Optimal Computation from Fluctuation Responses
Jinghao Lyu, Kyle J. Ray, James P. Crutchfield
TL;DR
This work tackles the energy cost of computation in nonequilibrium systems by introducing a unified FRR-based framework that jointly optimizes the control protocol and the resulting probability distribution via trajectory data. By encoding information through coarse-graining and designing task-specific loss functions, the method uses FRR-derived gradients to drive systems toward target informational states while minimizing work, applicable to both overdamped and underdamped dynamics. The authors demonstrate the approach on canonical tasks, including bit erasure in a double-well potential and translating harmonic traps, and extend it to underdamped dynamics for bit-flip operations, achieving work costs near the Landauer bound $k_B T \,\log 2$. Overall, the framework provides principled, gradient-based strategies for thermodynamically efficient information processing with broad potential applications in quantum, chemical, and biological contexts.
Abstract
The energy cost of computation has emerged as a central challenge at the intersection of physics and computer science.

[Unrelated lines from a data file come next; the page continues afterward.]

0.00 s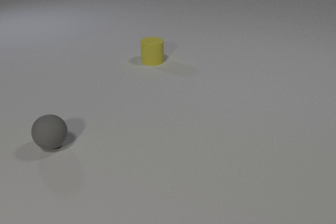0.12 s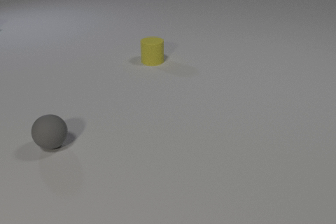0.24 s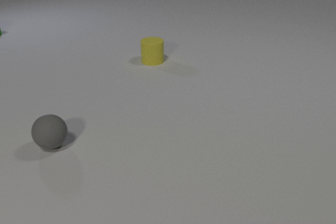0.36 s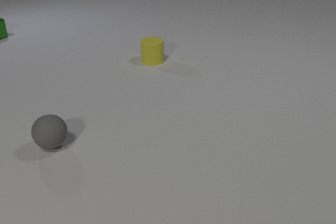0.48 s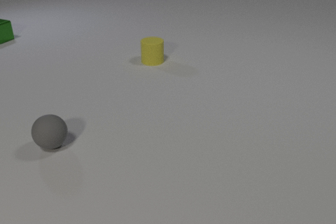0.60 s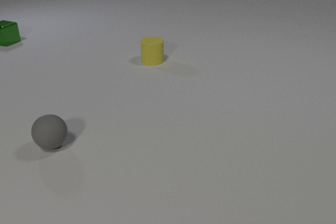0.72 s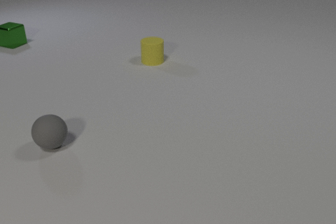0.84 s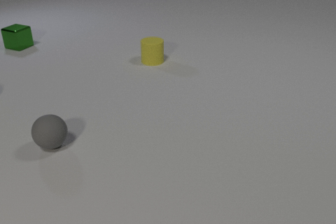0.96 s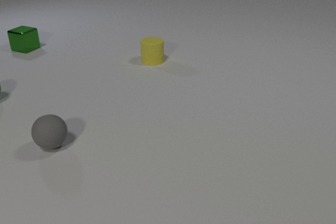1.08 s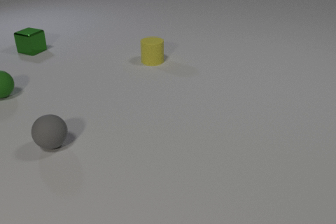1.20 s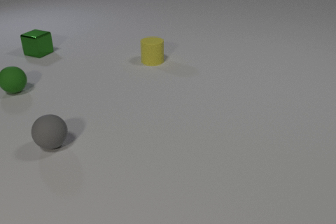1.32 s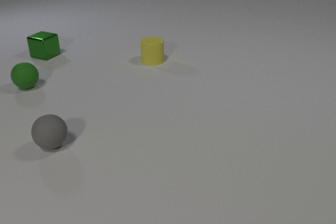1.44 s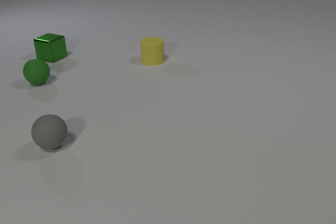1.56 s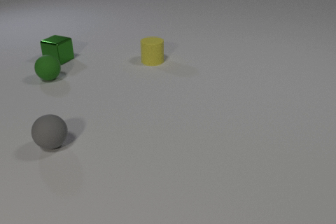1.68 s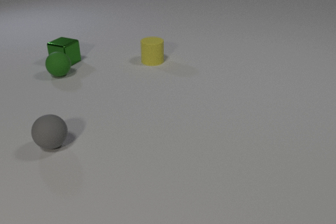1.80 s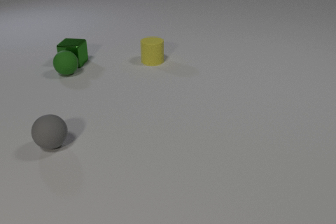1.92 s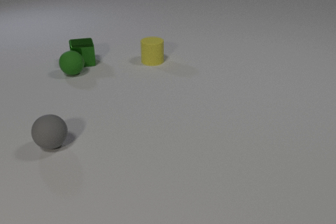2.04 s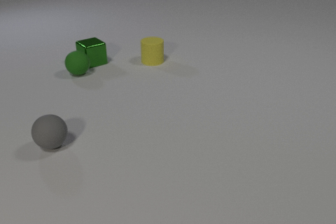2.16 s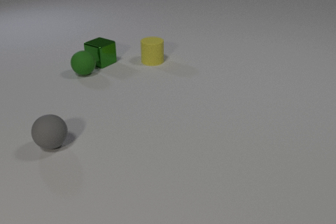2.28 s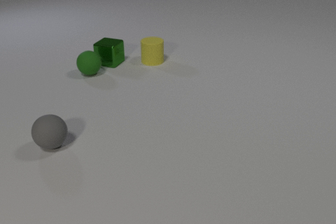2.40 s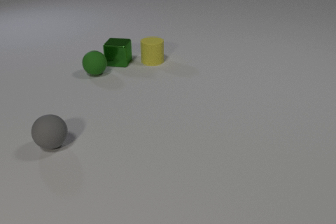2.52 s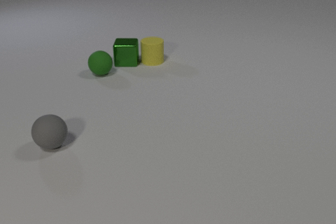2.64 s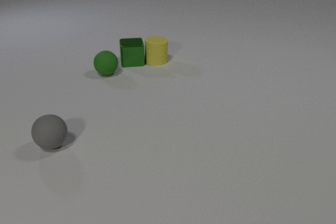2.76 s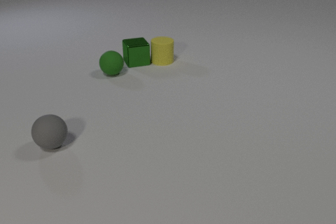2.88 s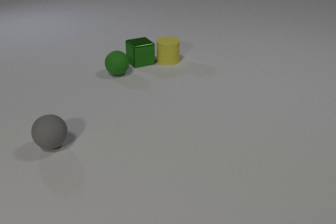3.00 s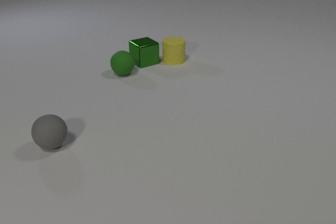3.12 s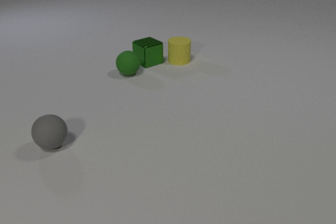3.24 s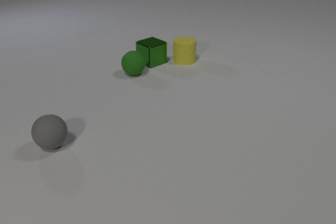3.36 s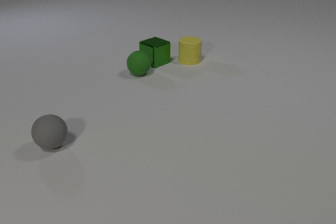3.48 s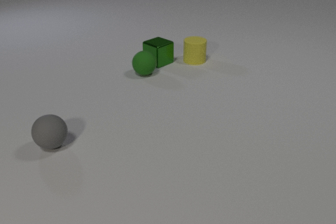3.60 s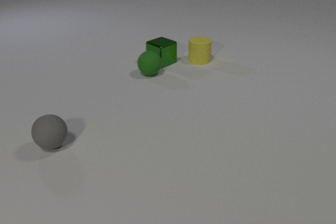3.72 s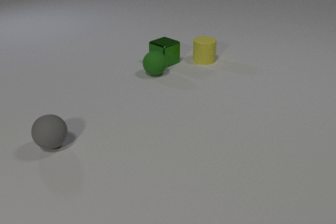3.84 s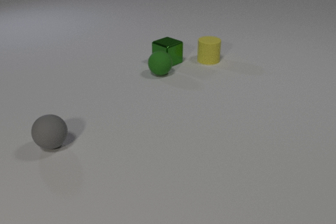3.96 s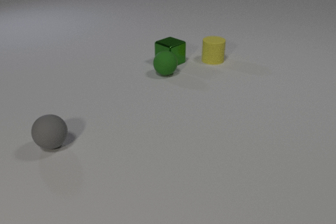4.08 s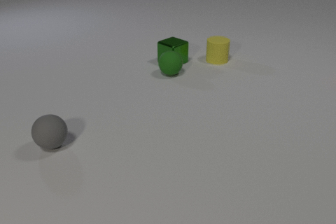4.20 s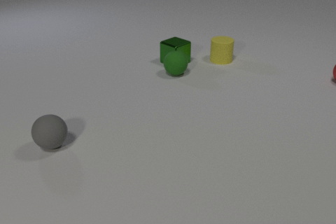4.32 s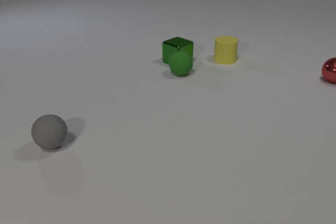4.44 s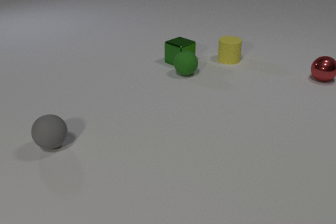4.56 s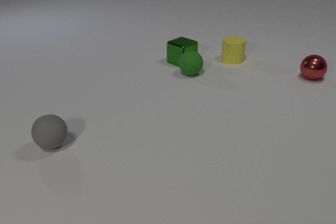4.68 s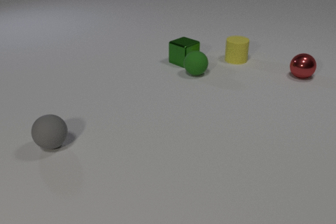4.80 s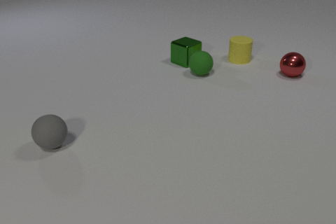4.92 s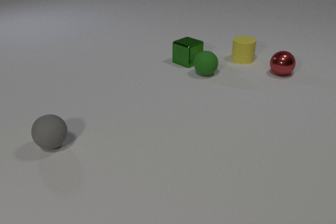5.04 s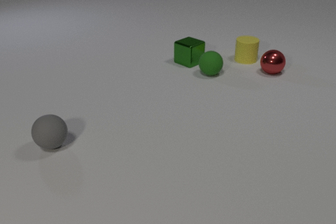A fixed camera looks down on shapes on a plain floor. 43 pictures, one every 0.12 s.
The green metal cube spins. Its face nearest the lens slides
to the right.
The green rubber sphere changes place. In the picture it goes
to the right.
0.00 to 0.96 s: The green metal cube comes in at the left edge, slides toward the camera and to the right.
0.96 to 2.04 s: The green rubber sphere rolls to the right and away from the camera. The green metal cube slides to the right and toward the camera, spins counterclockwise seen from above by about 60 degrees, its near face sliding to the right. The green rubber sphere and the green metal cube collide.
2.04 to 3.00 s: The green rubber sphere rolls to the right. The green metal cube slides to the right, spins so that its near face slides to the right, counterclockwise seen from above. The yellow rubber cylinder slides to the right. The green metal cube and the yellow rubber cylinder collide.
3.00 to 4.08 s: The green rubber sphere rolls to the right. The green metal cube slides to the right. The yellow rubber cylinder slides to the right.
4.08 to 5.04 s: The green rubber sphere rolls to the right. The green metal cube slides to the right. The yellow rubber cylinder slides to the right. The red metal sphere comes in at the right edge, rolls to the left.
What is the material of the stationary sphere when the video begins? rubber.
How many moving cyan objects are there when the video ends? 0.
Are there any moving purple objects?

Recent advances in statistical physics -- particularly in stochastic thermodynamics -- enable precise characterizations of work, heat, and entropy production in information-processing systems driven far from equilibrium by time-dependent control protocols. A key open question is then how to design protocols that minimize thermodynamic cost while ensur- ing correct outcomes. To this end, we develop a unified framework to identify optimal protocols using fluctuation response relations (FRR) and machine learning. Unlike previous approaches that optimize either distributions or protocols separately, our method unifies both using FRR-derived gradients. Moreover, our method is based primarily on iteratively learning from sampled noisy trajectories, which is generally much easier than solving for the optimal protocol directly from a set of governing equations. We apply the framework to canonical examples -- bit erasure in a double-well potential and translating harmonic traps -- demonstrating how to construct loss functions that trade-off energy cost against task error. The framework extends trivially to underdamped systems, and we show this by optimizing a bit-flip in an underdamped system. In all computations we test, the framework achieves the theoretically optimal protocol or achieves work costs comparable to relevant finite time bounds. In short, the results provide principled strategies for designing thermodynamically efficient protocols in physical information-processing systems. Applications range from quantum gates robust under noise to energy-efficient control of chemical and synthetic biological networks.